Records from a data source:
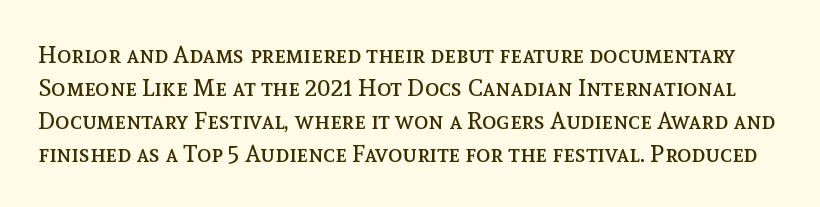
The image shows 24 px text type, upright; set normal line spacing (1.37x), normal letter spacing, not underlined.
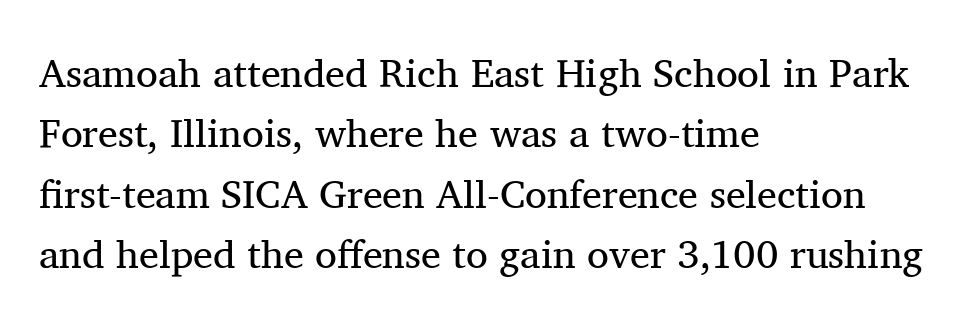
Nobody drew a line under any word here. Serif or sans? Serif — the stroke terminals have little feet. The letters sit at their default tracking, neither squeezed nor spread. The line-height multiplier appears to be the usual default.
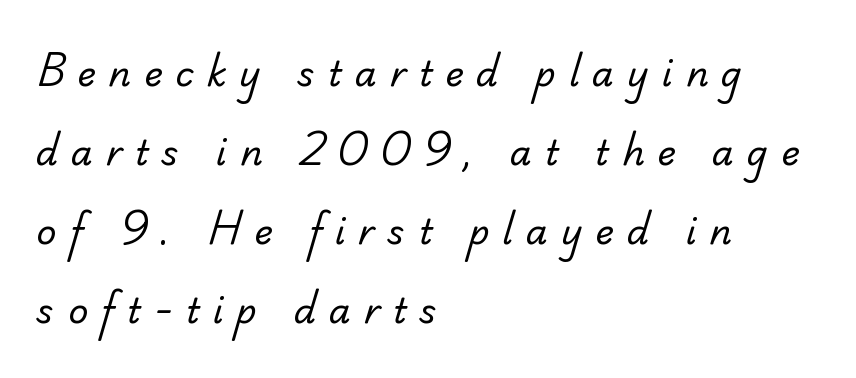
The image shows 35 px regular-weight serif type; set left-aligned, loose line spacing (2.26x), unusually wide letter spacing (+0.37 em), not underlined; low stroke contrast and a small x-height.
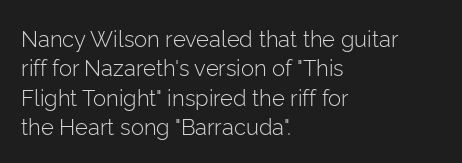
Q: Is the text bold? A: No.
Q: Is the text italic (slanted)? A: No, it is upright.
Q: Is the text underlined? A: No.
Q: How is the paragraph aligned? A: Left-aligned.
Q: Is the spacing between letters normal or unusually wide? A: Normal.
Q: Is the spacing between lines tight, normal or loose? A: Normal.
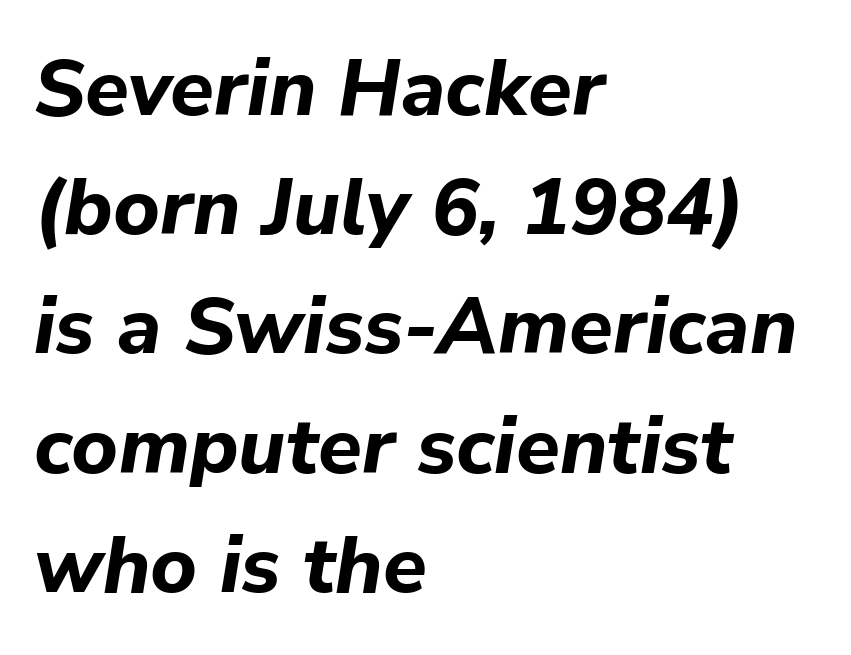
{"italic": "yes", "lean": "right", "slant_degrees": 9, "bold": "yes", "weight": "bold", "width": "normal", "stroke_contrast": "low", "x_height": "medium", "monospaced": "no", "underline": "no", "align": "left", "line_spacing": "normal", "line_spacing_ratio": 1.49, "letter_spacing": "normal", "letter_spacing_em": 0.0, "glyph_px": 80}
==
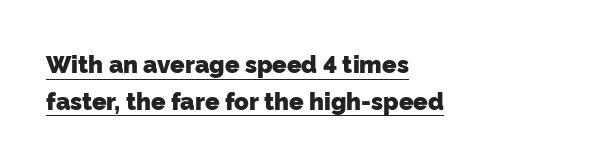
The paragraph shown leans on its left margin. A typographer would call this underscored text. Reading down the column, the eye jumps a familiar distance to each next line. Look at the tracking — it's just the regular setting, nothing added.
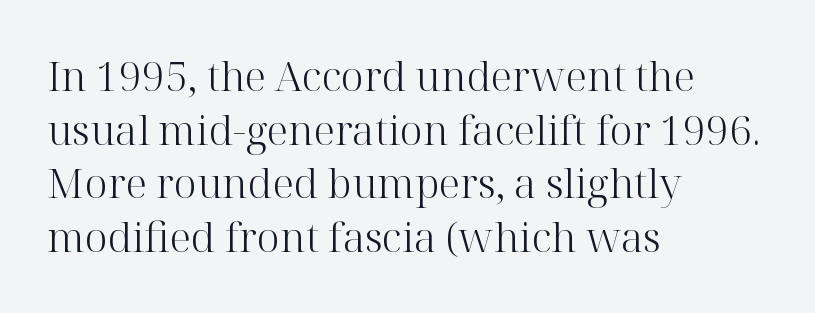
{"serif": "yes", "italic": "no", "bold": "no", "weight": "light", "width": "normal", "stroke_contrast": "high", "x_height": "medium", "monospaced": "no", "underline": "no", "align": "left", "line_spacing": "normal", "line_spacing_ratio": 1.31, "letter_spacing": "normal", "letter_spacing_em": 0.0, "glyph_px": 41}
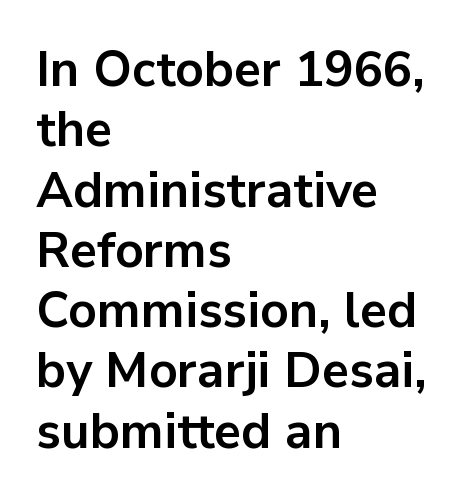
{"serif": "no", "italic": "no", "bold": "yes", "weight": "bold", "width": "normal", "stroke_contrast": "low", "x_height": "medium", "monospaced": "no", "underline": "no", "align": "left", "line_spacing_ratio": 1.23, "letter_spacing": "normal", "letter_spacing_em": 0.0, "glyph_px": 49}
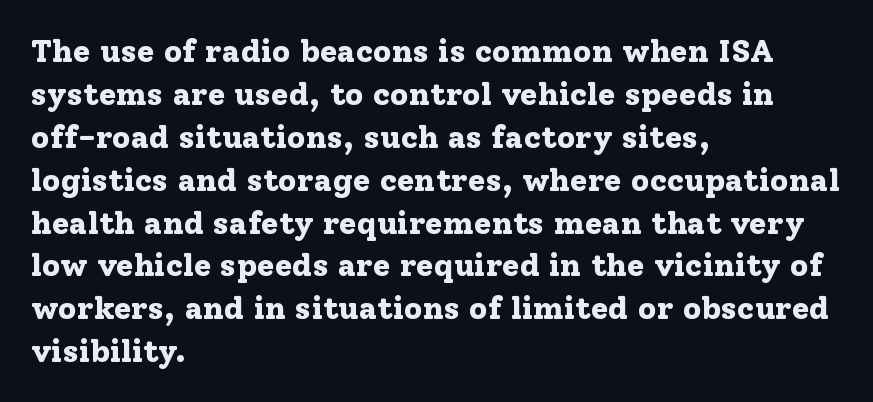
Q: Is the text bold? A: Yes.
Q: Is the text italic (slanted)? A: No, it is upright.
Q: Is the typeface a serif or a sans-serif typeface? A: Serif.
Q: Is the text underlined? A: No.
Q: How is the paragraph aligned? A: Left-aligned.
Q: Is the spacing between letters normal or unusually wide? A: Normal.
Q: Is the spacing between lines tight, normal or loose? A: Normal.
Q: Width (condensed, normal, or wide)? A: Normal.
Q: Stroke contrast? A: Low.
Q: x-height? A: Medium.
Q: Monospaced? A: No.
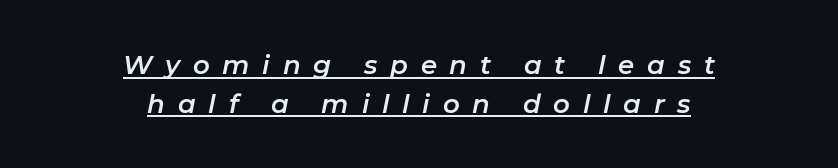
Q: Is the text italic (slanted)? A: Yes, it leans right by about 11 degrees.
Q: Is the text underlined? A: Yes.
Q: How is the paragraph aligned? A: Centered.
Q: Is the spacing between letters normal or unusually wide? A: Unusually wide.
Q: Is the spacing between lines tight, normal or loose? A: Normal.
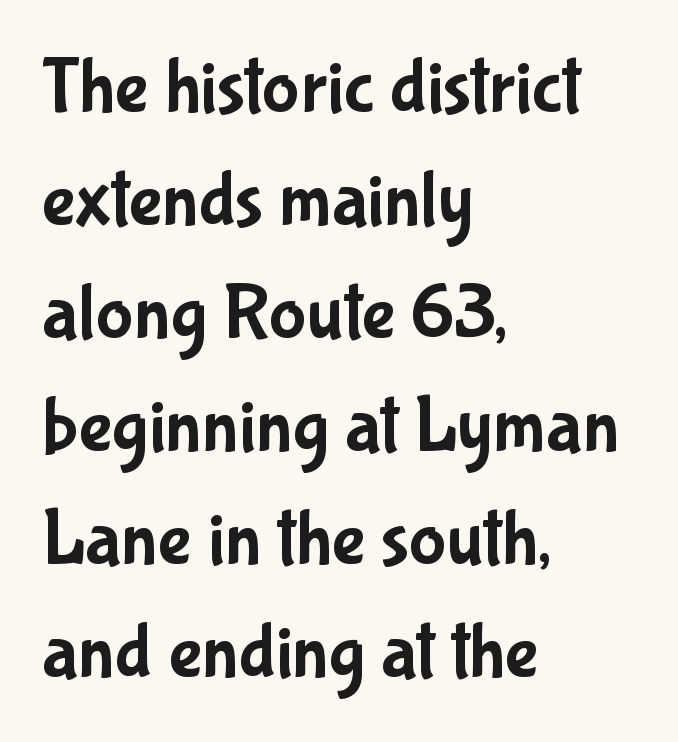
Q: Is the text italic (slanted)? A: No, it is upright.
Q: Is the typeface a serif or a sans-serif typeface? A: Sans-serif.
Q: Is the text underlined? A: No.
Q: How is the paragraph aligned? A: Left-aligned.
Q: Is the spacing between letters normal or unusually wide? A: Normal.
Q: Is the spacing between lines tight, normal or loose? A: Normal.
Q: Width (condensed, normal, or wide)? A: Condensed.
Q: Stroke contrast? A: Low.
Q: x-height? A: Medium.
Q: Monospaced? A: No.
---
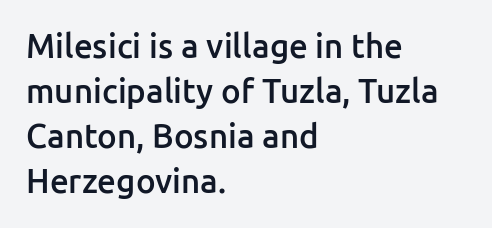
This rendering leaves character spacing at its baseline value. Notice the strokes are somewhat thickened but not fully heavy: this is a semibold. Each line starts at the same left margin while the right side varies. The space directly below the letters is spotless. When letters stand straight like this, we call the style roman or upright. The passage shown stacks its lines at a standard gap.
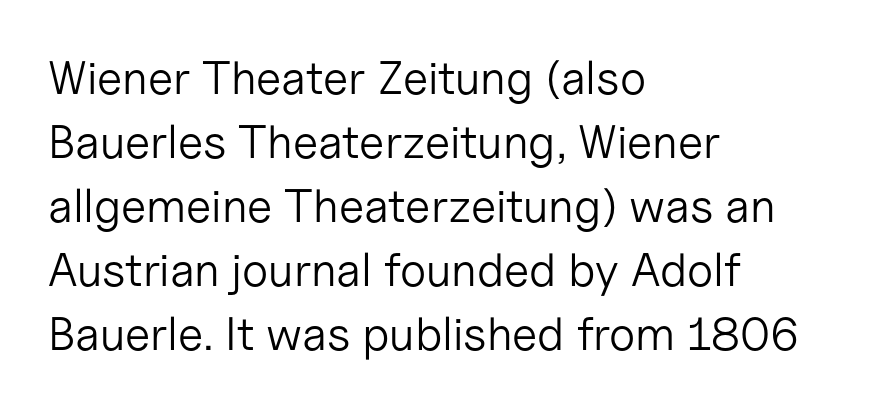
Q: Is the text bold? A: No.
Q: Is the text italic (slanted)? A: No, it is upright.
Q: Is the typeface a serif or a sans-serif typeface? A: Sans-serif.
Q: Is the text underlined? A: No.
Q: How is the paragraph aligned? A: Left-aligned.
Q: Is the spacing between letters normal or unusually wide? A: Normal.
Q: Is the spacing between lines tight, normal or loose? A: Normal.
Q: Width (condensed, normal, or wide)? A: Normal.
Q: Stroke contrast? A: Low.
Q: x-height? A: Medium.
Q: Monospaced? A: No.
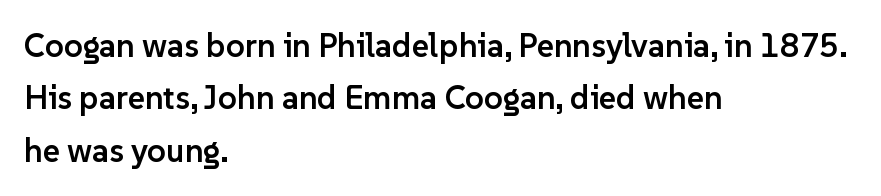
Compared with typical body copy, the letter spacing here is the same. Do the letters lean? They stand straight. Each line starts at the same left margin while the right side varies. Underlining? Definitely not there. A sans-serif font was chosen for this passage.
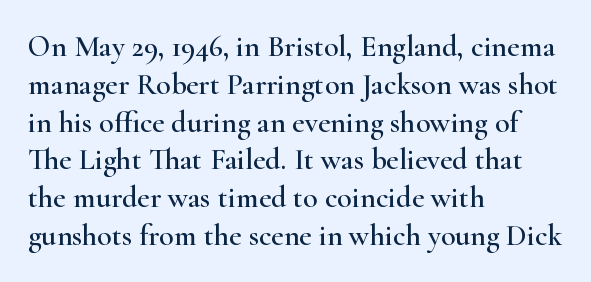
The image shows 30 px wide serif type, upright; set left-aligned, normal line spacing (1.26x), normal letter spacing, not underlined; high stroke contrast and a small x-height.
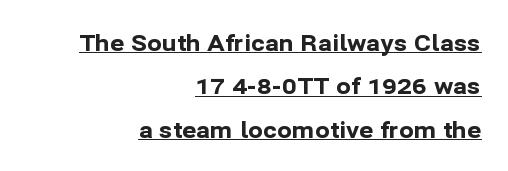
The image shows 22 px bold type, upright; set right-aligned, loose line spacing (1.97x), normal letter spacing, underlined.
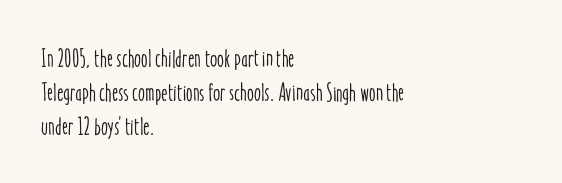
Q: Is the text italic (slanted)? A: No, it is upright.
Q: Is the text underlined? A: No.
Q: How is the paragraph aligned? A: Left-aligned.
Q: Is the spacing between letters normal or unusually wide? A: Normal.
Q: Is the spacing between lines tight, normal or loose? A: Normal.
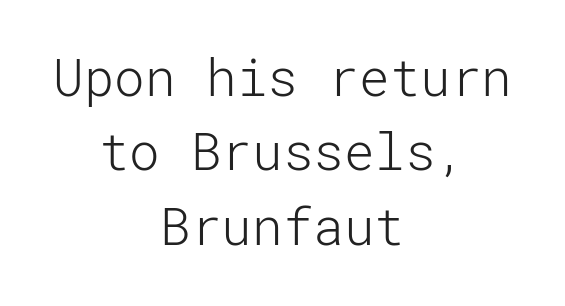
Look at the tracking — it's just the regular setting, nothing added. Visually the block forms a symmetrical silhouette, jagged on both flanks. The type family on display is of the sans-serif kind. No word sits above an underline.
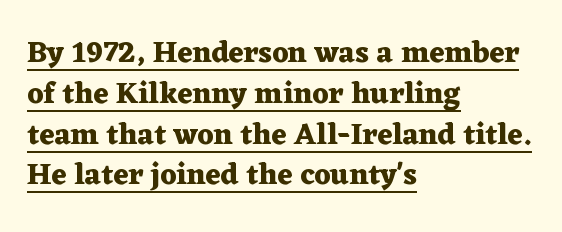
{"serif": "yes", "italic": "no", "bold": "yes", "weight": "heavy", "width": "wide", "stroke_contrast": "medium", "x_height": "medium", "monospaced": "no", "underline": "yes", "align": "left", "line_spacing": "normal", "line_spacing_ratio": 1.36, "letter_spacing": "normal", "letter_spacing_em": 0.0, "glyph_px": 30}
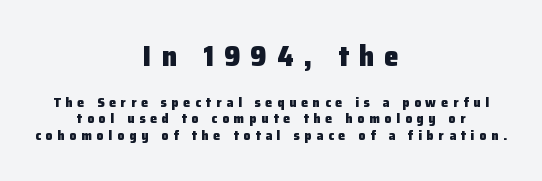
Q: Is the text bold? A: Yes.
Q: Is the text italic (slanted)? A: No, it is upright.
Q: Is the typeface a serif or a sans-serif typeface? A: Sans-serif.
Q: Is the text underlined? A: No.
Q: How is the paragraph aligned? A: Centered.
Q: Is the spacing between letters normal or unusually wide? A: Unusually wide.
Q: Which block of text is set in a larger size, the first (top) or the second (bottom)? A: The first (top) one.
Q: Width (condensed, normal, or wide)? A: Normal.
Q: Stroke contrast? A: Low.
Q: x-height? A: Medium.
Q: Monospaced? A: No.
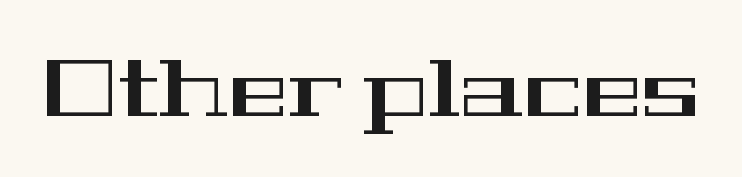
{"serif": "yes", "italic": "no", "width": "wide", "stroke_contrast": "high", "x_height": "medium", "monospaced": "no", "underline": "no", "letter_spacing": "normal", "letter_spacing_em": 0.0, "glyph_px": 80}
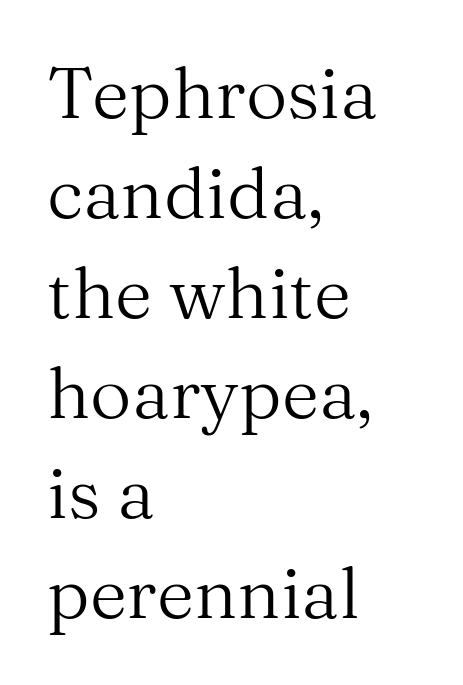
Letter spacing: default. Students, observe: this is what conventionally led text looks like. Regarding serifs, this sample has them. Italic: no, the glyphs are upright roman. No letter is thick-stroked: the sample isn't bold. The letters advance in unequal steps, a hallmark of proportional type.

Assigned task:
From the records above, pick out and copy each line holding the word "setting".

Output of the exercise:
The paragraph shown leans on its left margin. A typographer would call this underscored text. Reading down the column, the eye jumps a familiar distance to each next line. Look at the tracking — it's just the regular setting, nothing added.
Look at the tracking — it's just the regular setting, nothing added. Visually the block forms a symmetrical silhouette, jagged on both flanks. The type family on display is of the sans-serif kind. No word sits above an underline.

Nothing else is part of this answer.